There are those disciplines which are creative, solution oriented:

* Information Architecture - structure

* Visual & Information Design - presentation

* Interaction & User Interface Design - behavior

These disciplines have some level of cross over, but basically represent the disciplines used for bring a final product strategy to its tactical realization.

There are those disciplines that are informative:

* Usability Engineering - evaluative

* HCI - research

These disciplines bring guidance to the the first set. These help set up guidelines and best practices in different mediums changing random creativity towards a more successful overall solution. However, they do not form solutions, as they are not applications of guidelines, as they alone are not enough to move from evaluation to design.

Finally, there are those disciplines that are strategic which for the most part exist outside of the user experience sphere usually more connected to the business side of the equation than most practitioners of disciplines in User Experience get to go.
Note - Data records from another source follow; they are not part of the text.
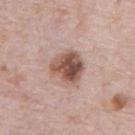Part of a total-body skin-imaging series; this lesion was reviewed on a skin check and was not flagged for biopsy. Located on the abdomen. The subject is a male aged approximately 70. A region of skin cropped from a whole-body photographic capture, roughly 15 mm wide.
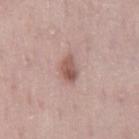<record>
<biopsy_status>not biopsied; imaged during a skin examination</biopsy_status>
</record>
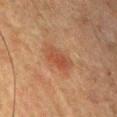* workup — catalogued during a skin exam; not biopsied
* image source — total-body-photography crop, ~15 mm field of view
* body site — the chest
* patient — male, about 50 years old
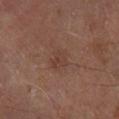Assessment:
Imaged during a routine full-body skin examination; the lesion was not biopsied and no histopathology is available.
Image and clinical context:
This image is a 15 mm lesion crop taken from a total-body photograph. The subject is a male aged 68 to 72. Approximately 3 mm at its widest. The lesion is on the right lower leg. The tile uses cross-polarized illumination.
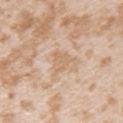– biopsy status · imaged on a skin check; not biopsied
– image-analysis metrics · a lesion area of about 4.5 mm², a shape eccentricity near 0.55, and a symmetry-axis asymmetry near 0.45; a border-irregularity index near 5/10, internal color variation of about 1.5 on a 0–10 scale, and a peripheral color-asymmetry measure near 0.5; a classifier nevus-likeness of about 0/100 and a lesion-detection confidence of about 100/100
– subject · female, in their mid-20s
– body site · the left upper arm
– image source · ~15 mm crop, total-body skin-cancer survey
– tile lighting · white-light
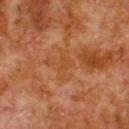No biopsy was performed on this lesion — it was imaged during a full skin examination and was not determined to be concerning. About 3.5 mm across. Imaged with cross-polarized lighting. Automated tile analysis of the lesion measured roughly 4 lightness units darker than nearby skin and a normalized border contrast of about 4.5. And it measured a border-irregularity index near 4.5/10 and peripheral color asymmetry of about 0.5. A male patient in their 80s. From the upper back. This image is a 15 mm lesion crop taken from a total-body photograph.

david has since developed a presentation (pdf) that defines UX and IxD and describes how IxD fits into UX.

Wednesday, 14 July 2004

UXnet

User Experience Network (UXnet) recently formed:

UXnet is dedicated to exploring opportunities for cooperation and collaboration among UX-related organizations and individuals.

yeah!!

Monday, 24 May 2004

mfa is the new mba

in harvard business review's breakthrough ideas for 2004 - idea #9 is that "The MFA Is the New MBA".